Newer medications called direct oral anticoagulants have simplified anticoagulation for many patients. Drugs like apixaban, rivaroxaban, dabigatran, and edoxaban work through different mechanisms than warfarin and don't require the same intensive monitoring. They've become first-line therapy for most patients with non-valvular atrial fibrillation.
But anticoagulants carry their own serious risk: bleeding. The same mechanism that prevents clots from forming in the heart also prevents clots from forming when you need them—after a cut, during surgery, or after trauma. Major bleeding, including bleeding into the brain, is a known complication of anticoagulant therapy. This creates a clinical balancing act: the stroke risk from not anticoagulating must be weighed against the bleeding risk from doing so.
For people at the lowest risk of stroke—generally younger patients without other cardiovascular conditions—the bleeding risk may outweigh the benefit, and anticoagulation may not be necessary. Doctors use scoring systems that incorporate age, sex, history of prior stroke, high blood pressure, diabetes, heart failure, and vascular disease to estimate each patient's stroke risk and guide the anticoagulation decision.
A Growing Epidemic
Atrial fibrillation is becoming more common, and the trend shows no signs of reversing. As of 2020, more than 33 million people worldwide had the condition. In Europe and North America, two to three percent of the adult population is affected. These numbers have been climbing for years, driven by population aging and the increasing prevalence of conditions like obesity, hypertension, and diabetes that predispose people to atrial fibrillation.

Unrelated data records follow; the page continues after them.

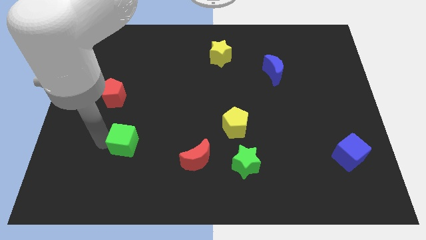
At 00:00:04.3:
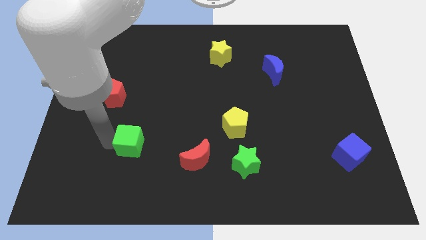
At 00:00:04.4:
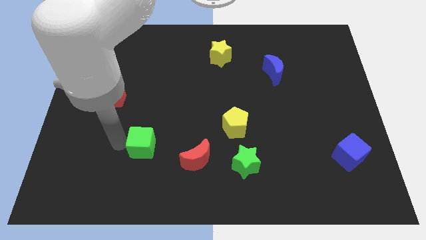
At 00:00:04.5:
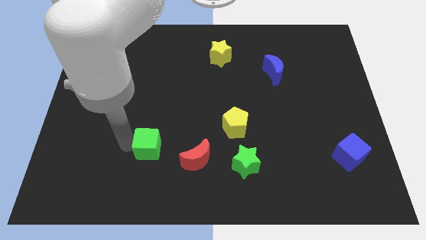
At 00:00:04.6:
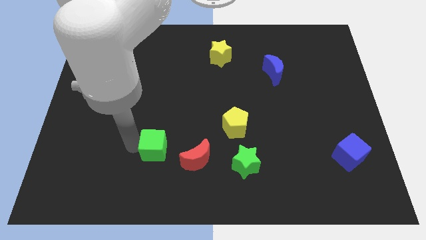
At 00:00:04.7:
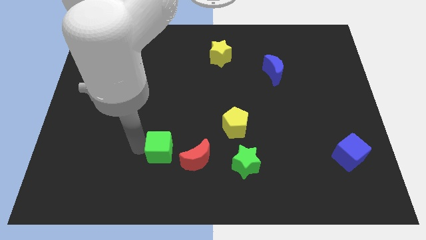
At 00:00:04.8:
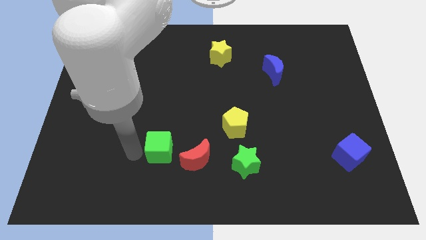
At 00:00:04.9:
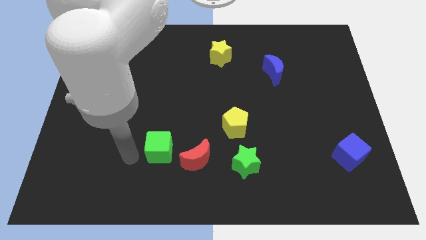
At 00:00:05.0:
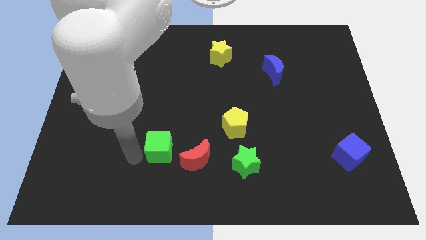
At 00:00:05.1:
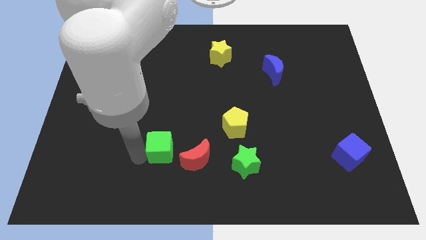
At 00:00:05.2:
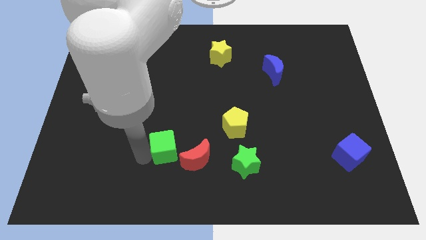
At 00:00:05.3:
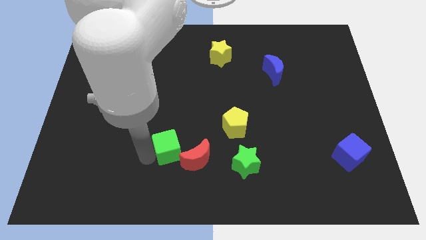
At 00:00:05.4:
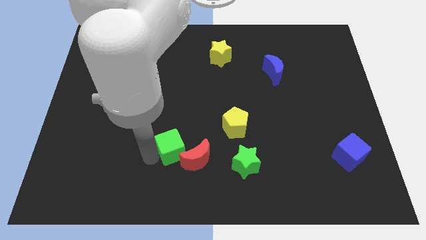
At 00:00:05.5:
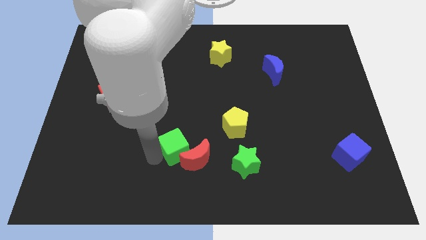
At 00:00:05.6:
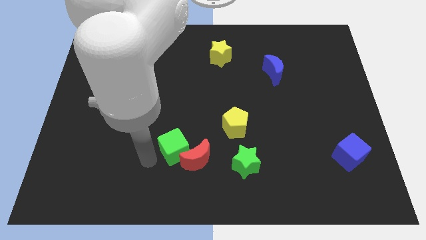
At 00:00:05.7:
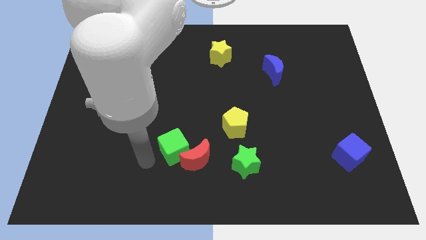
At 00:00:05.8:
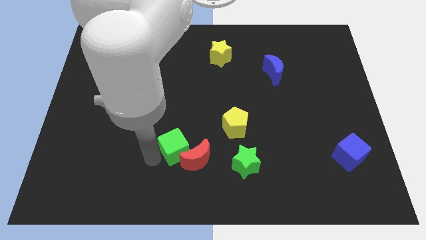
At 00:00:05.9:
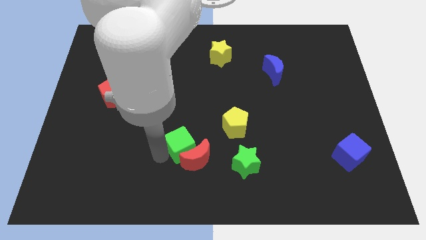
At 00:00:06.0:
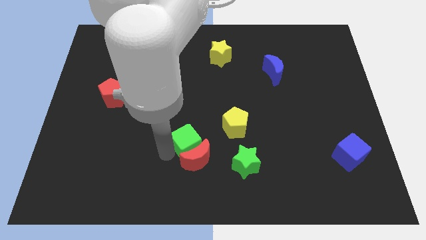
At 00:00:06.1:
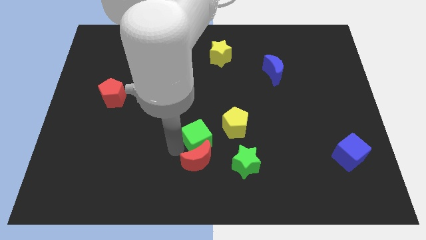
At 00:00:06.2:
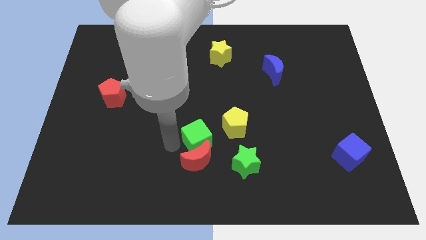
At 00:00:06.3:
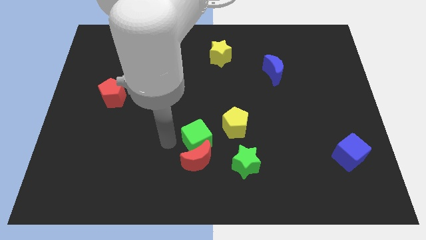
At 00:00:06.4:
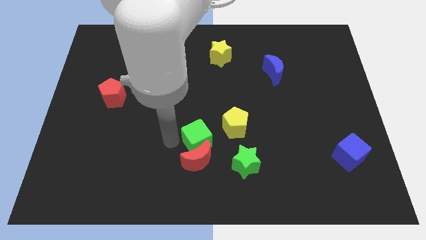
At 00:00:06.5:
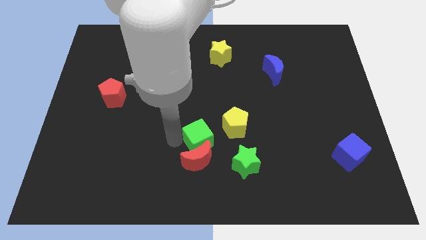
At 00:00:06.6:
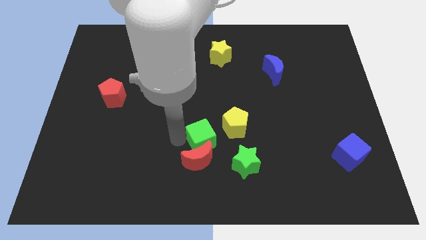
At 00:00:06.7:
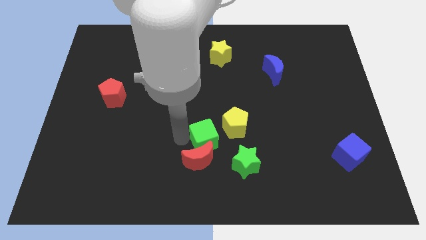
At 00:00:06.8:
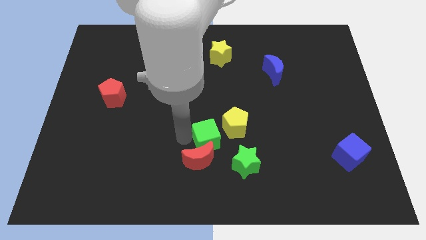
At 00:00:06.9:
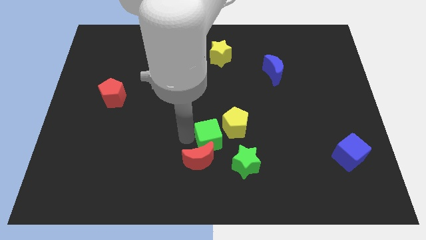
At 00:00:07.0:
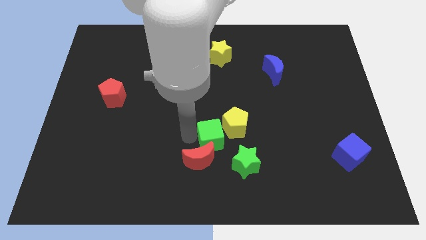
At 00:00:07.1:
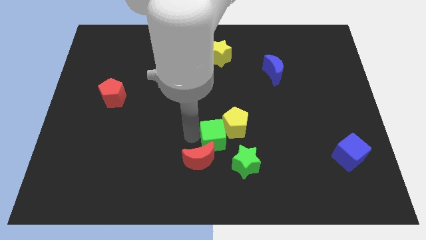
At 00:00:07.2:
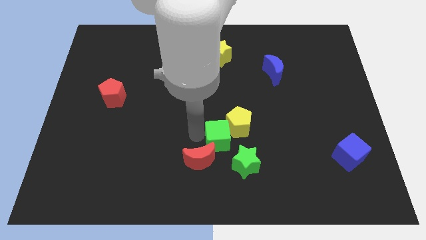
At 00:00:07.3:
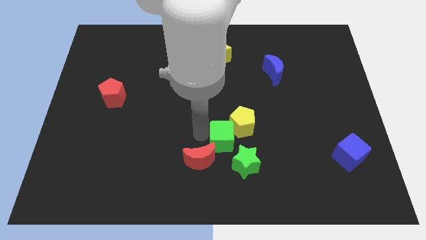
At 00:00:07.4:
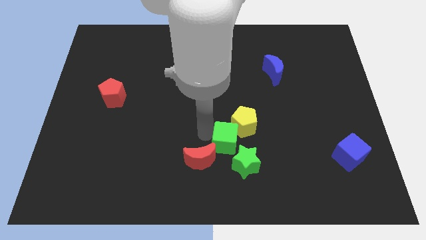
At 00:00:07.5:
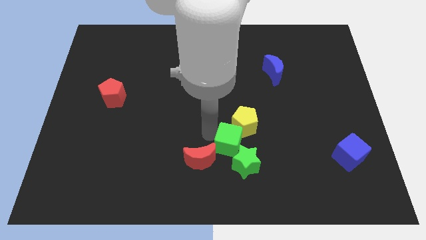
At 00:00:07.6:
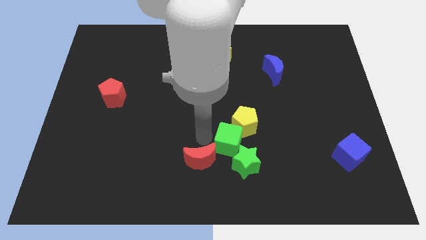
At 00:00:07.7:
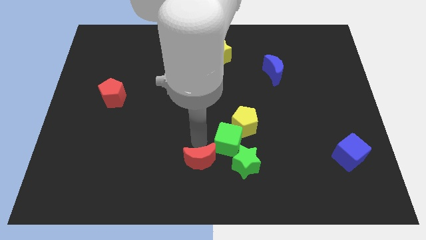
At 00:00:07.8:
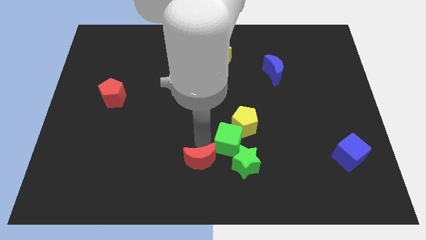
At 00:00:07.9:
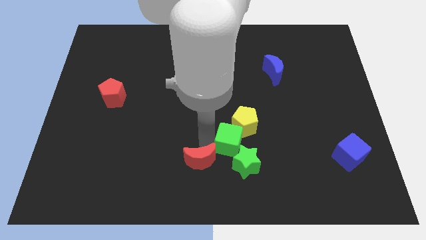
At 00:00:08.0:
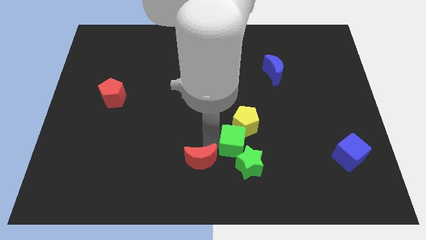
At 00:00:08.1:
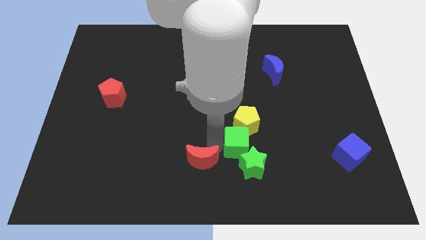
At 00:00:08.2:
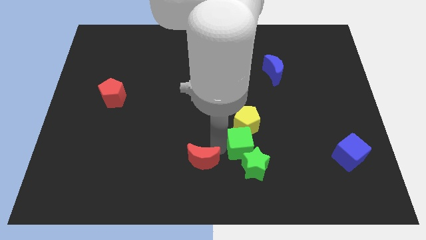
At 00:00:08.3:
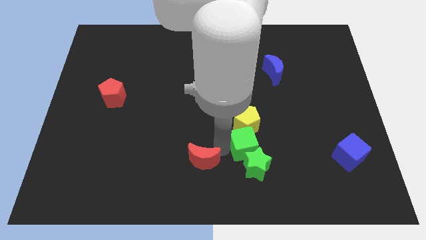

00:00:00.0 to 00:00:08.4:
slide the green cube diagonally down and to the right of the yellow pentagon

The consequences extend beyond the individuals affected. Atrial fibrillation is associated with increased risks of heart failure, dementia, and—most devastatingly—stroke. Managing the condition and its complications consumes substantial healthcare resources. The economic burden is enormous and growing.
Yet there's also reason for cautious optimism. The modifiable nature of many risk factors means that public health interventions targeting obesity, hypertension, physical inactivity, and excessive alcohol consumption could meaningfully reduce the burden of disease. Advances in ablation technology continue to improve outcomes for those who develop atrial fibrillation. And the growing understanding of the genetic architecture underlying the condition may eventually enable more targeted prevention and treatment strategies.
For now, atrial fibrillation remains one of modern cardiology's most common and challenging conditions—a disorder of electrical chaos in an organ that functions, above all else, through exquisite electrical coordination. Understanding it means understanding how the heart's elegant machinery can fail, and how medicine continues to search for ways to restore order to a heart that has lost its rhythm.